[Tutor] Case Insensitive Globing
Steven D'Aprano
steve at pearwood.info
Sat May 18 20:37:56 EDT 2019
On Sat, May 18, 2019 at 11:52:29AM +0100, Alan Gauld via Tutor wrote:
> On 18/05/2019 03:14, Richard Damon wrote:
>
> > The same directory, running the same program under Mac OS X, which also
> > is a case insensitive file system,
>
> That is your mistake. Darwin, the core of the MacOS X system
> is a version of BSD Unix and like all Unix OS is very much
> case sensitive.
That's not quite right -- case sensitivity of the OS isn't important,
case sensitivity of the *file system* is. And the standard file system
on Mac OS, HFS+, defaults to case-preserving but case-insensitive.
(There is an option to turn case-sensitivity off, but hardly anyone uses
it because too many applications break.)
https://stackoverflow.com/questions/4706215/mac-os-x-how-to-determine-if-filesystem-is-case-sensitive
https://apple.stackexchange.com/questions/71357/how-to-check-if-my-hd-is-case-sensitive-or-not
That means that, like Windows file systems FAT and NTFS, file names are
case-insensitive: files "Foo", "foo" and "FOO" are all considered the
same. But unlike Windows, the file system preserves the case of the file
as you created it, so if you created it as "foO" that's how it will be
recorded on the disk rather than normalizied to "foo".

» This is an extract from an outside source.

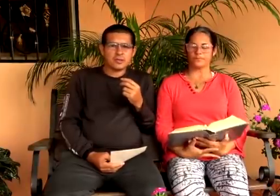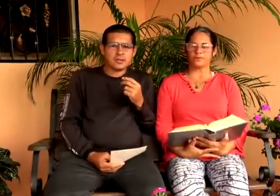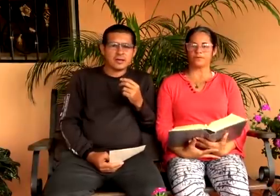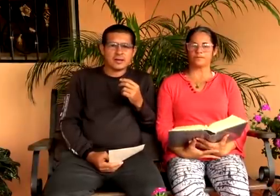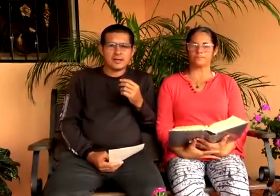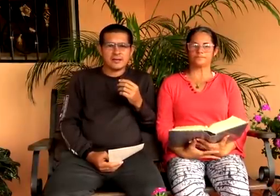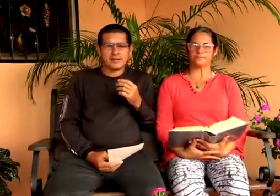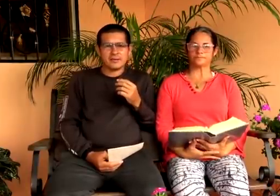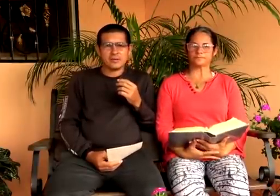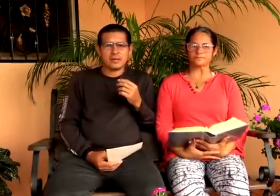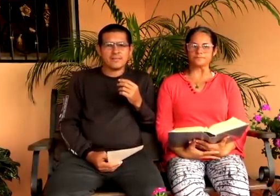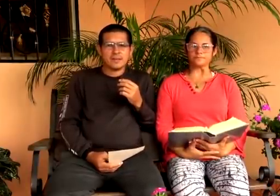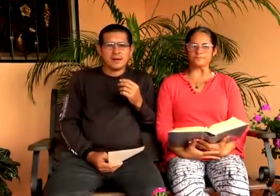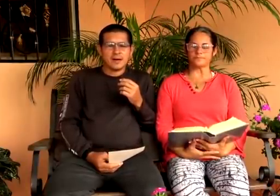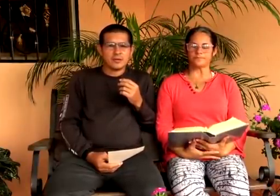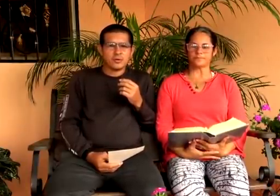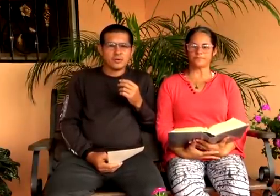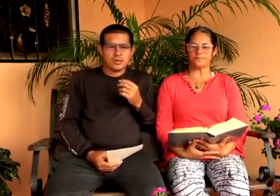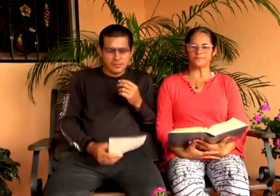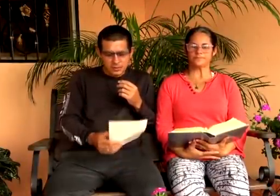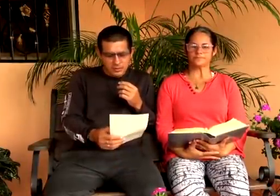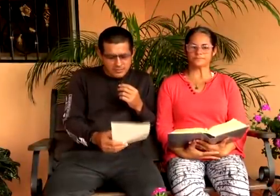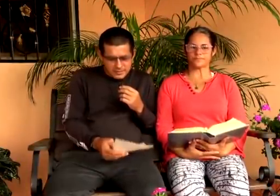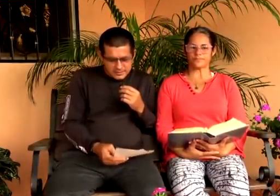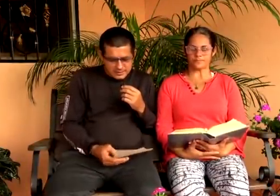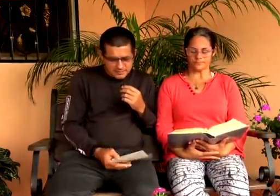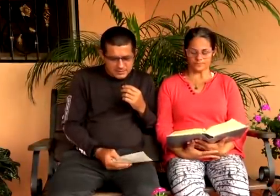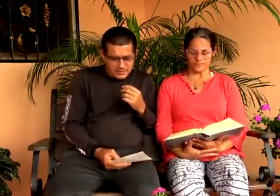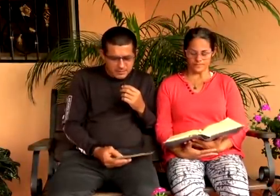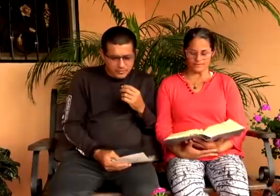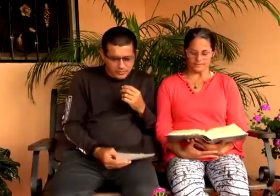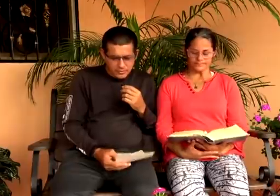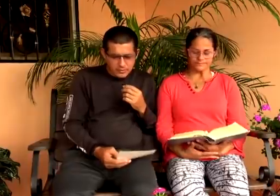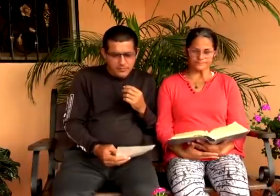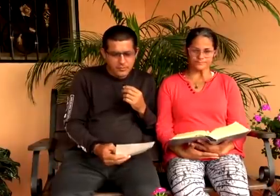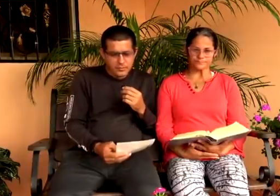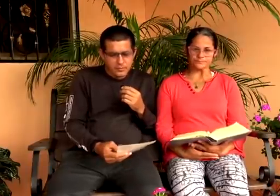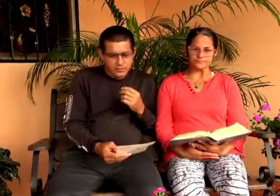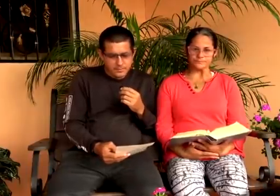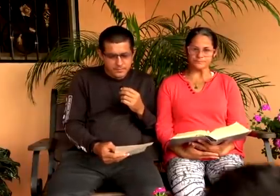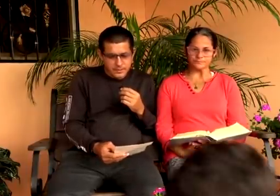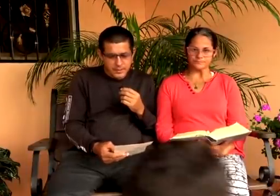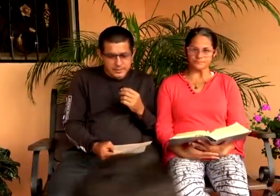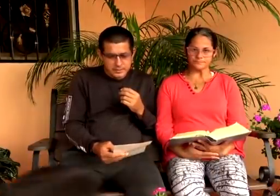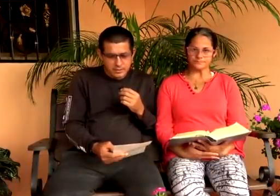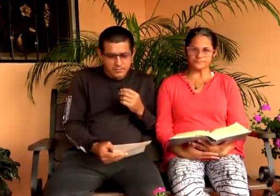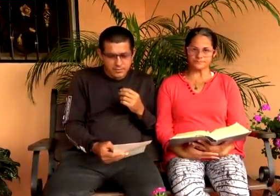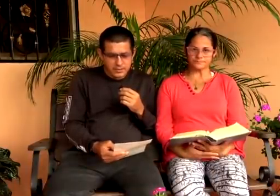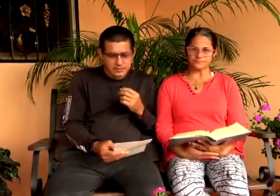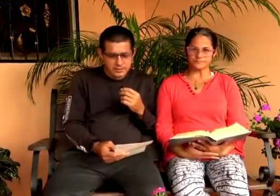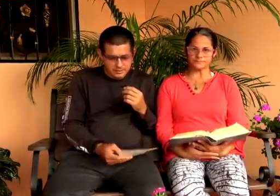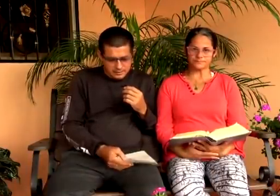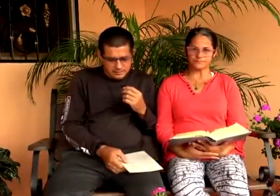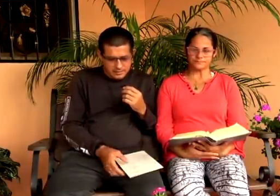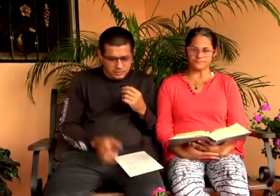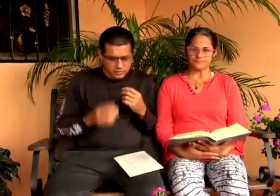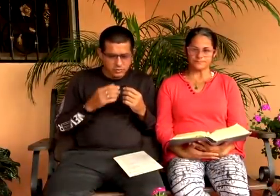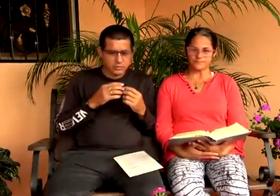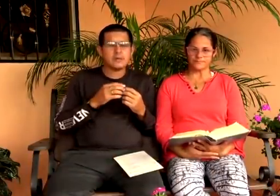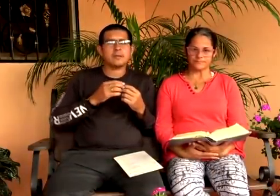amor, Desde acá de Venezuela, A todos ustedes. Pero hoy lo vamos a hacer especial por, Por Eliseo Flores.
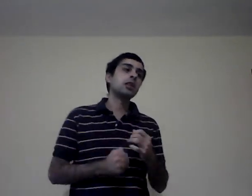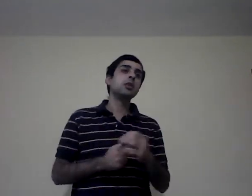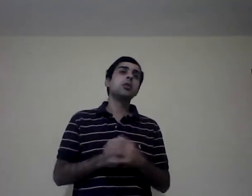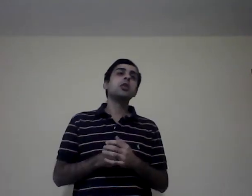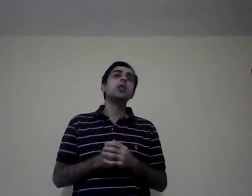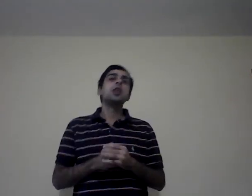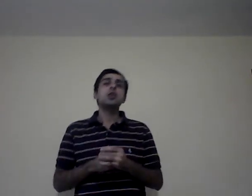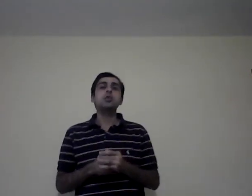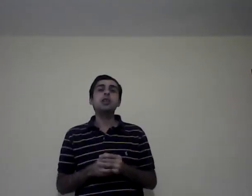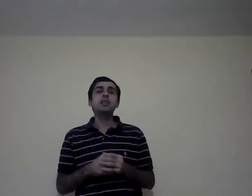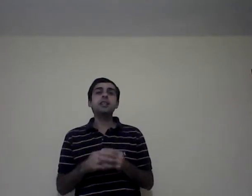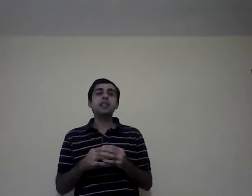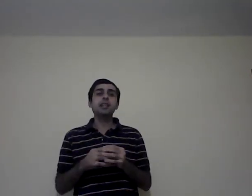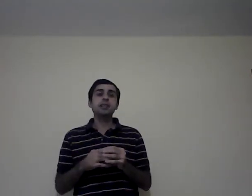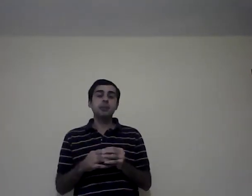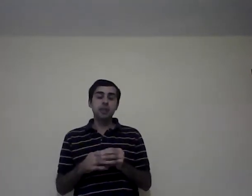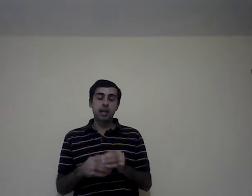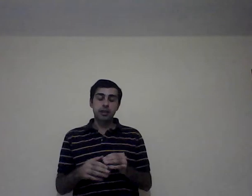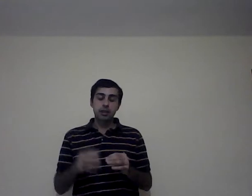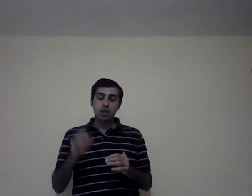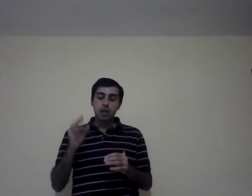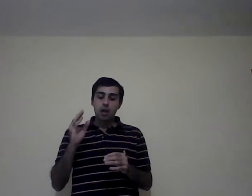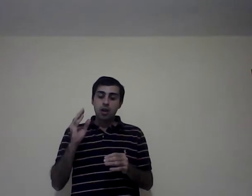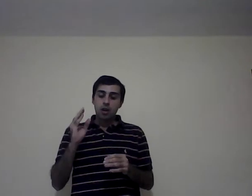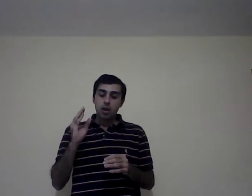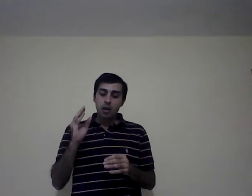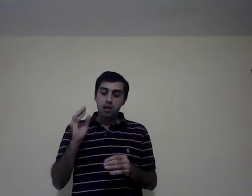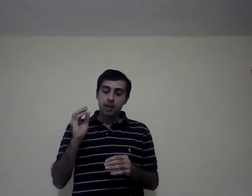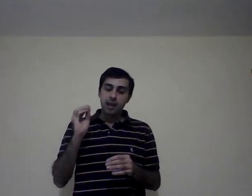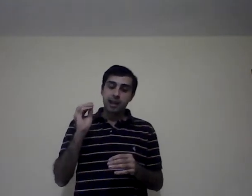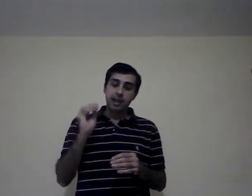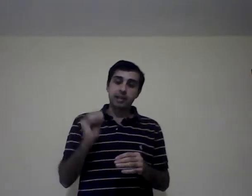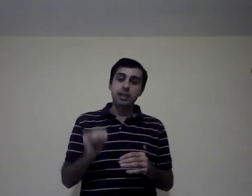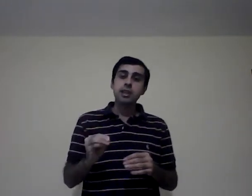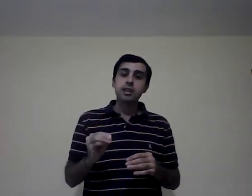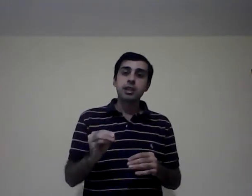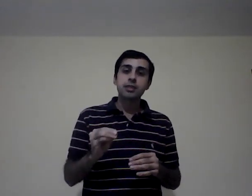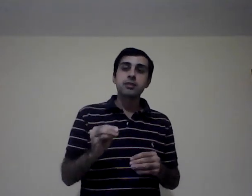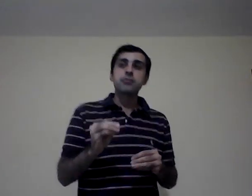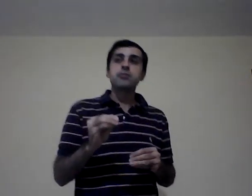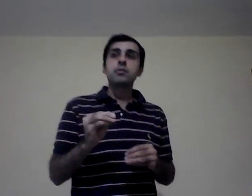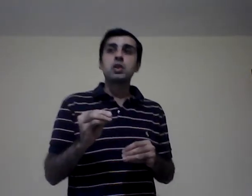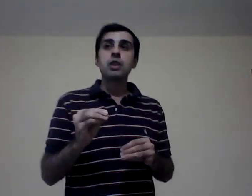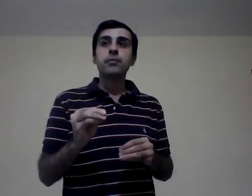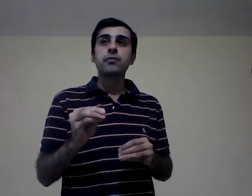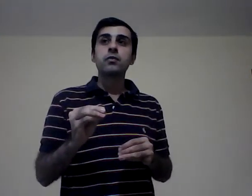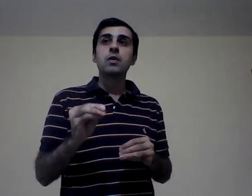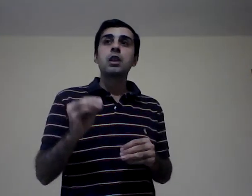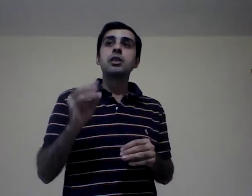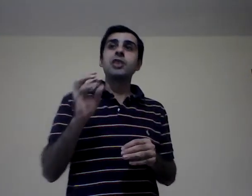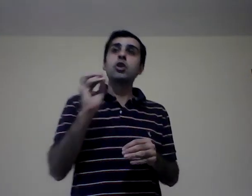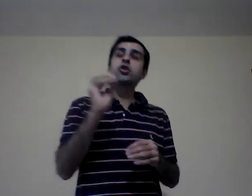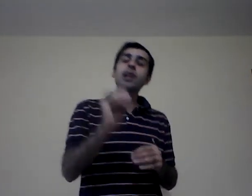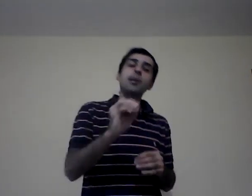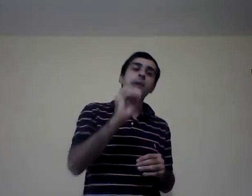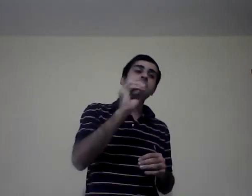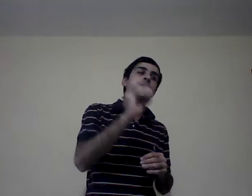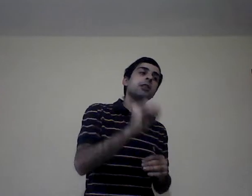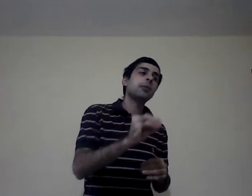y ustedes tienen que determinar las características, ¿sí? Si no sale específicamente

Fun fact: even NTFS supports a case-sensitive mode! But again, hardly
anyone uses it. Likewise, if you are using Samba on Unix/Linux, you can
have case-insensitive file operations on an underlying case-sensitive
file system.
> Some of the GUI tools in MacOS X may work as if they were case
> insensitive (presumably for backwards compatibility to MacOS 9)
> but the underlying OS is case sensitive and all the Terminal
> type tools and commands, including Python, follow suit.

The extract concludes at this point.